# [Data records]
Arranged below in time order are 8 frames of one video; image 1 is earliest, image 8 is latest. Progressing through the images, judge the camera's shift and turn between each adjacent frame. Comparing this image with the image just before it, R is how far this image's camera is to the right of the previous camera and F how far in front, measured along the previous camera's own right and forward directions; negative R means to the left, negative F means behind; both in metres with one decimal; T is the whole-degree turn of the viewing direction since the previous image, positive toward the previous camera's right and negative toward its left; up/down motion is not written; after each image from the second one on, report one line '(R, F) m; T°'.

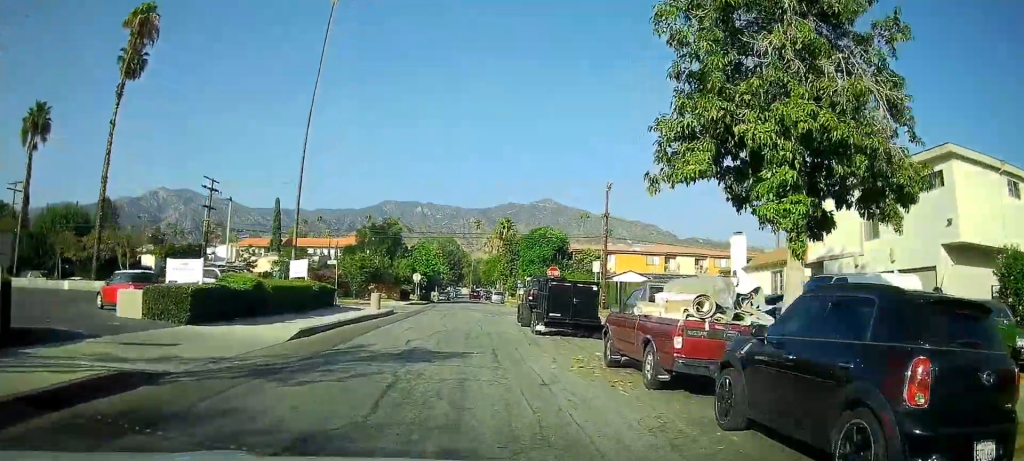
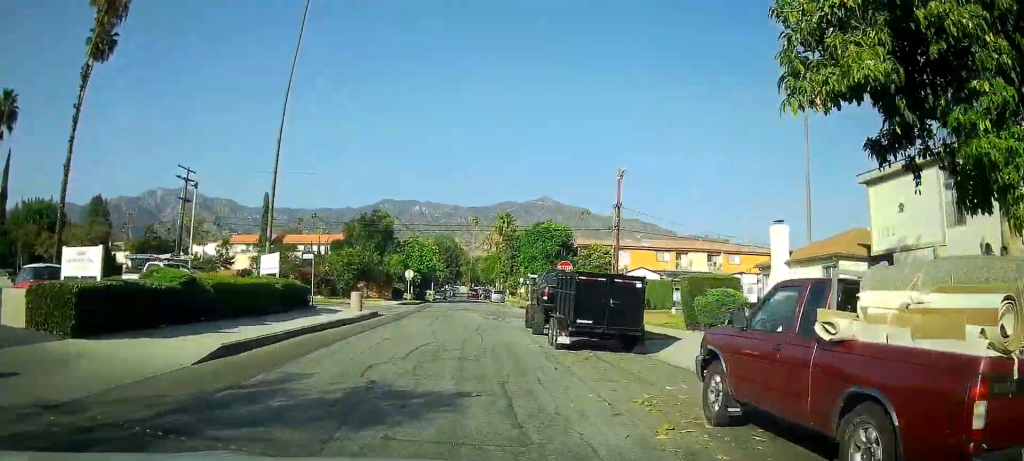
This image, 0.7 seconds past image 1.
(-0.7, +6.6) m; -7°
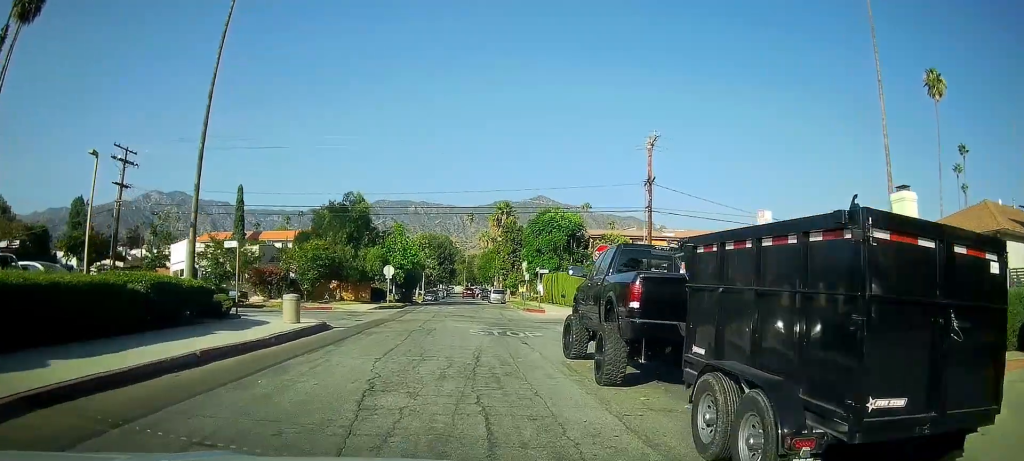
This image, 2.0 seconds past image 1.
(-1.0, +11.9) m; -5°
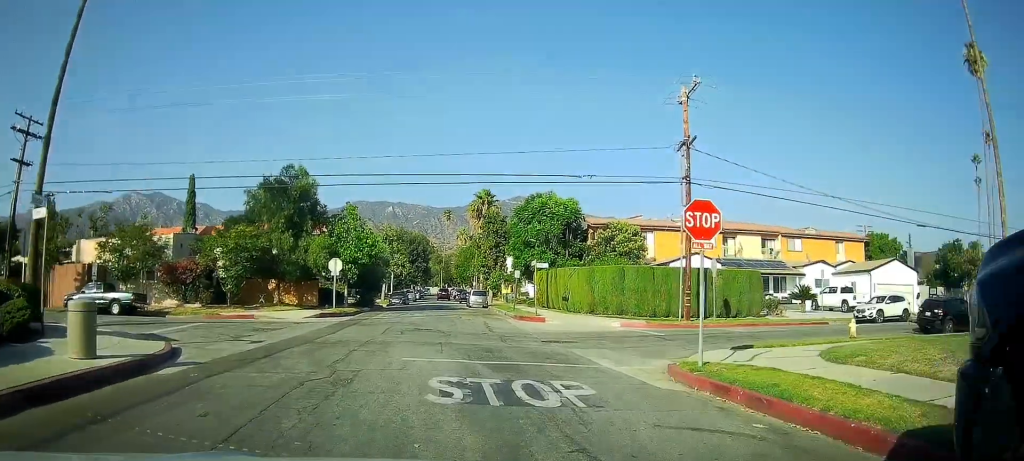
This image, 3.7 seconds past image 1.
(+0.1, +10.5) m; +2°
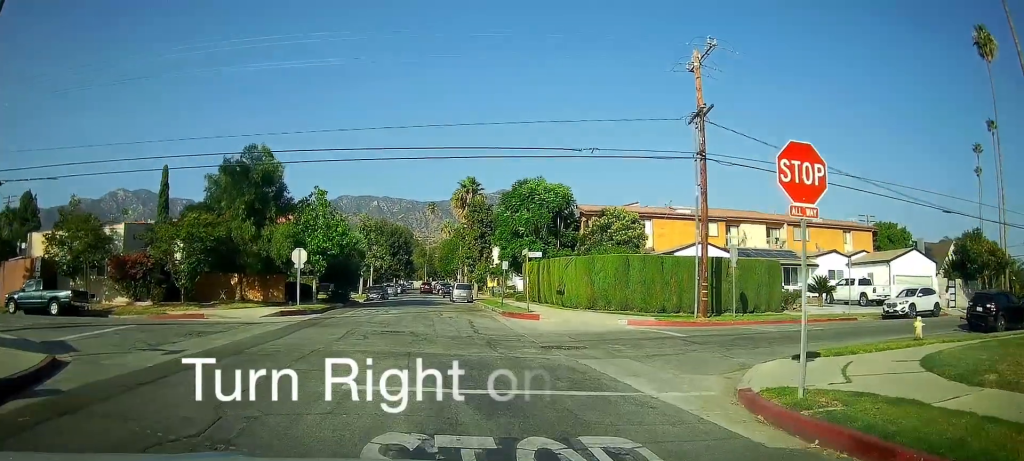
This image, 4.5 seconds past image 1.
(0.0, +3.5) m; +2°
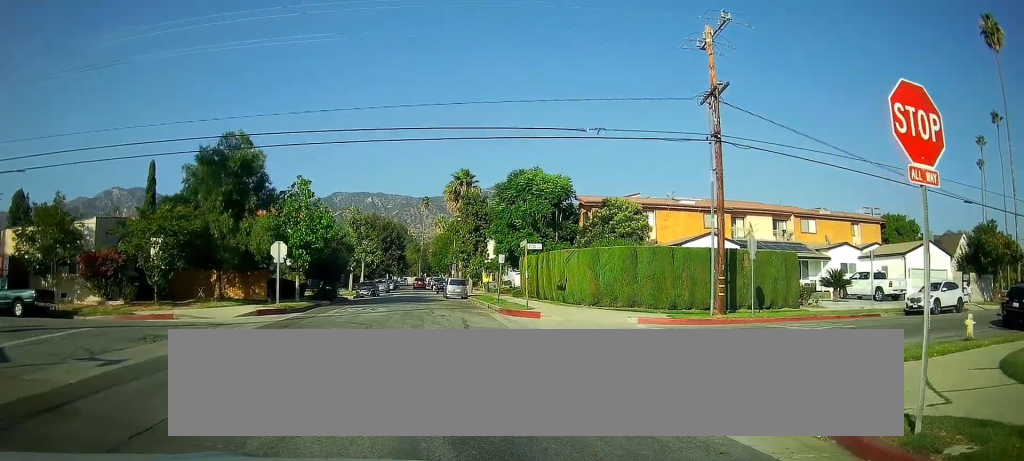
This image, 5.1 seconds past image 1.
(+0.2, +1.6) m; +1°
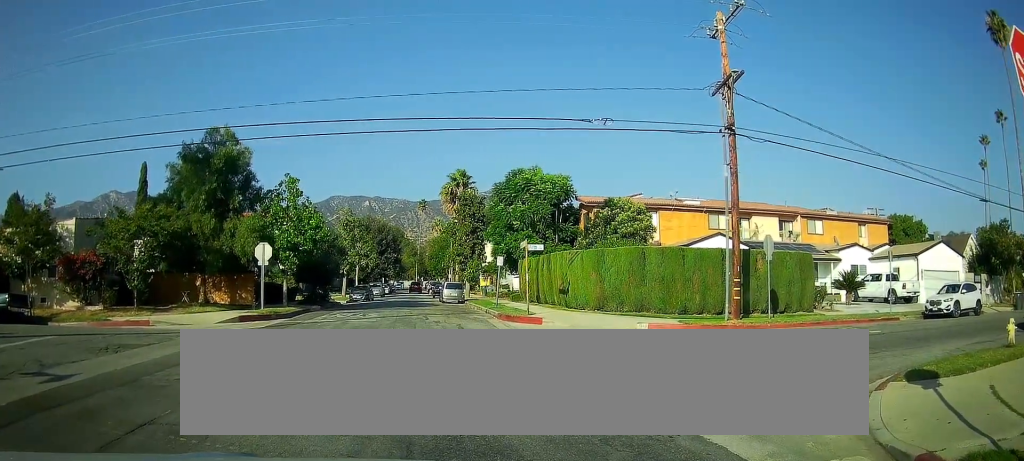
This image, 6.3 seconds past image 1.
(-0.2, +0.7) m; 0°
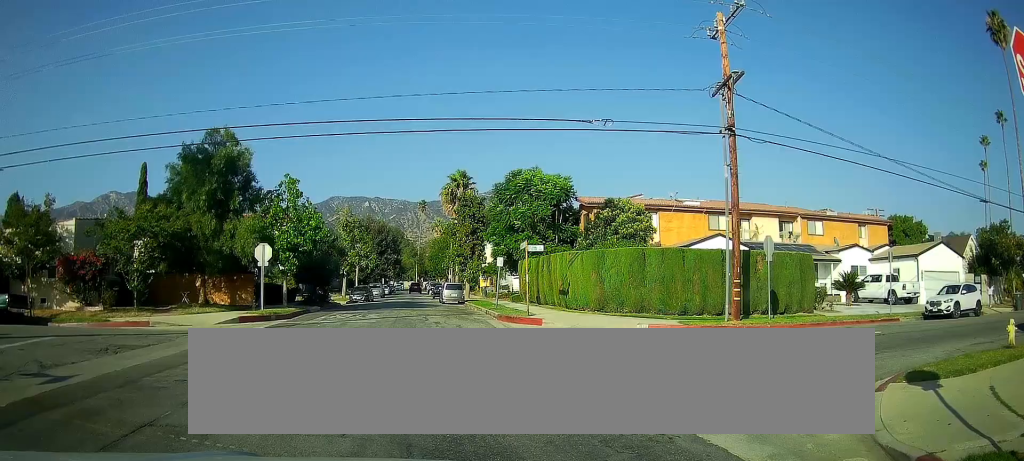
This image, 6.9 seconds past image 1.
(0.0, 0.0) m; 0°
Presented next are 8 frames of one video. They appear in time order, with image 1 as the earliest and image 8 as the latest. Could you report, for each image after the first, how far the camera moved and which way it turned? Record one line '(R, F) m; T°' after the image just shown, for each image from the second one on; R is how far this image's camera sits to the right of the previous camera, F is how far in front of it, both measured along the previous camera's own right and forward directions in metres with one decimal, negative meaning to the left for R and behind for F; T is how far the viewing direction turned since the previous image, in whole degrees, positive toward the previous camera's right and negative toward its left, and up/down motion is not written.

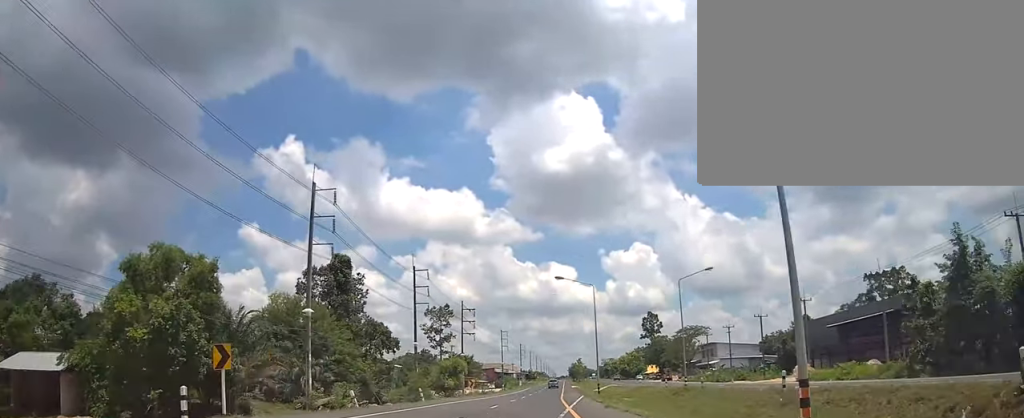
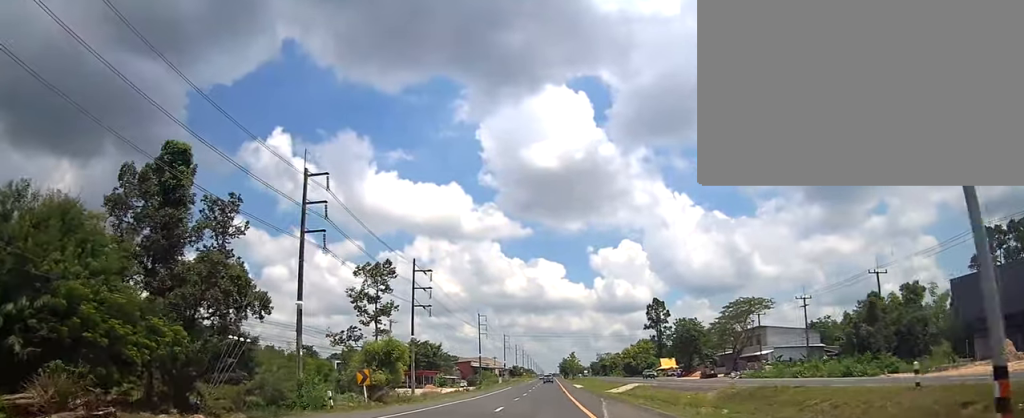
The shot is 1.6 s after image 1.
(+1.0, +39.4) m; +1°
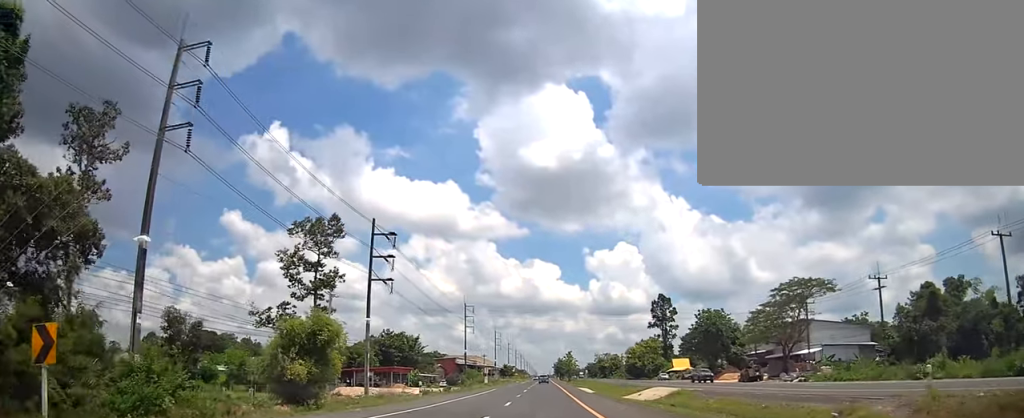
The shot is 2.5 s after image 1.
(-0.4, +20.2) m; 0°
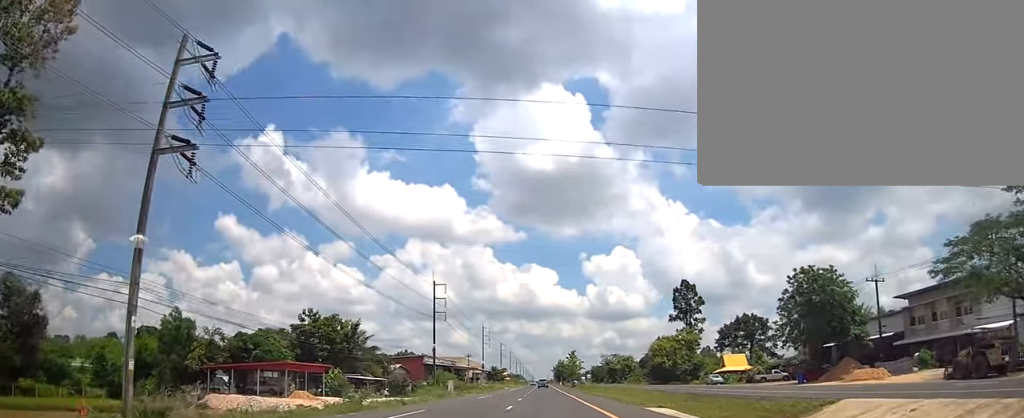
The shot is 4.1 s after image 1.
(+0.8, +39.5) m; +2°
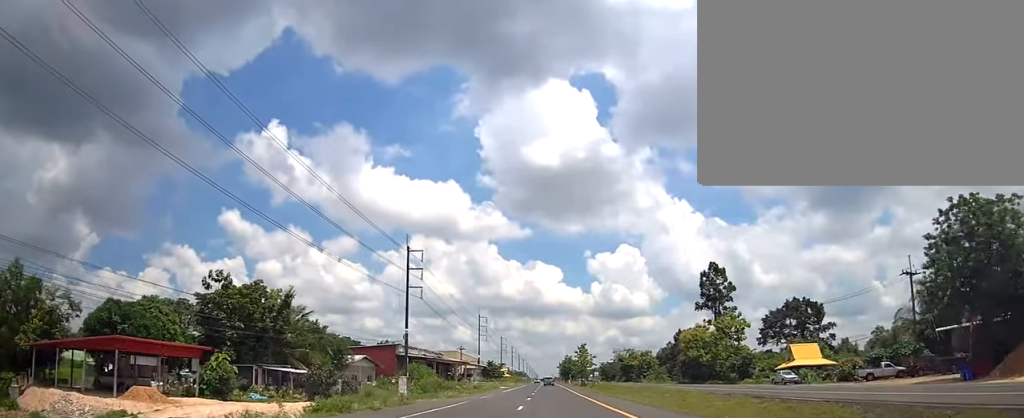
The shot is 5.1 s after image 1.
(0.0, +24.9) m; 0°
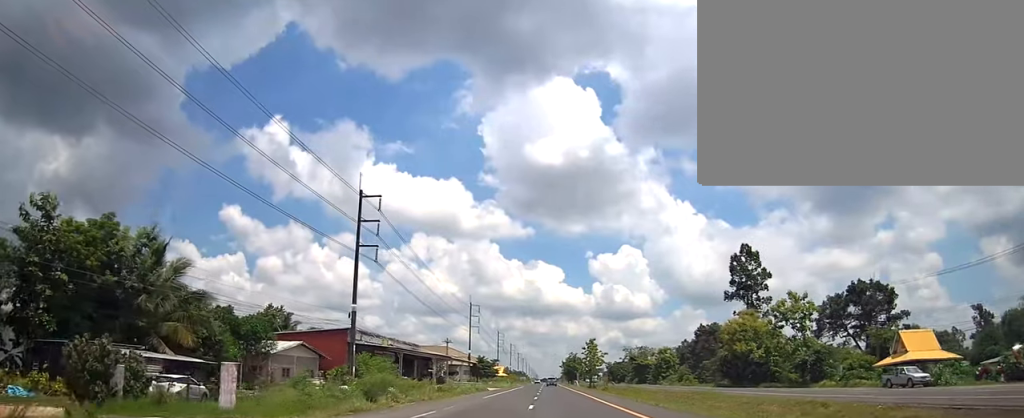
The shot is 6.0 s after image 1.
(-0.1, +23.1) m; 0°
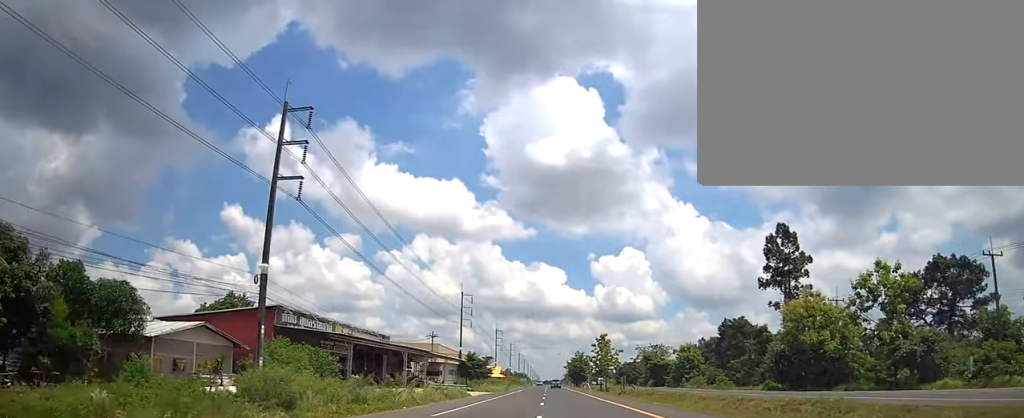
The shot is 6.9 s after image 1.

# [Your objective]
In the records above, find the lines holding "order". Copy each one.

# [Output of the task]
Arranged below in time order are 8 frames of one video; image 1 is earliest, image 8 is latest. Progressing through the images, judge the camera's shift and turn between each adjacent frame. Comparing this image with the image just before it, R is how far this image's camera is to the right of the previous camera and F how far in front, measured along the previous camera's own right and forward directions; negative R means to the left, negative F means behind; both in metres with one decimal; T is the whole-degree turn of the viewing direction since the previous image, positive toward the previous camera's right and negative toward its left; up/down motion is not written; after each image from the second one on, report one line '(R, F) m; T°'.
Presented next are 8 frames of one video. They appear in time order, with image 1 as the earliest and image 8 as the latest. Could you report, for each image after the first, how far the camera moved and which way it turned? Record one line '(R, F) m; T°' after the image just shown, for each image from the second one on; R is how far this image's camera sits to the right of the previous camera, F is how far in front of it, both measured along the previous camera's own right and forward directions in metres with one decimal, negative meaning to the left for R and behind for F; T is how far the viewing direction turned since the previous image, in whole degrees, positive toward the previous camera's right and negative toward its left, and up/down motion is not written.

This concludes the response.